■ **Task description**
The expected response is an exact repetition of every record, with images excluded.

Items from a data source
----------------
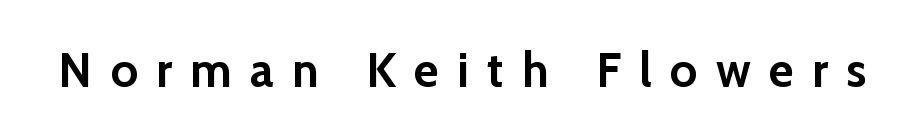
Q: Is the text bold? A: Yes.
Q: Is the text italic (slanted)? A: No, it is upright.
Q: Is the typeface a serif or a sans-serif typeface? A: Sans-serif.
Q: Is the text underlined? A: No.
Q: Is the spacing between letters normal or unusually wide? A: Unusually wide.
Q: Width (condensed, normal, or wide)? A: Normal.
Q: Stroke contrast? A: Low.
Q: x-height? A: Medium.
Q: Monospaced? A: No.
----------------
■ **Task solution**
Q: Is the text bold? A: Yes.
Q: Is the text italic (slanted)? A: No, it is upright.
Q: Is the typeface a serif or a sans-serif typeface? A: Sans-serif.
Q: Is the text underlined? A: No.
Q: Is the spacing between letters normal or unusually wide? A: Unusually wide.
Q: Width (condensed, normal, or wide)? A: Normal.
Q: Stroke contrast? A: Low.
Q: x-height? A: Medium.
Q: Monospaced? A: No.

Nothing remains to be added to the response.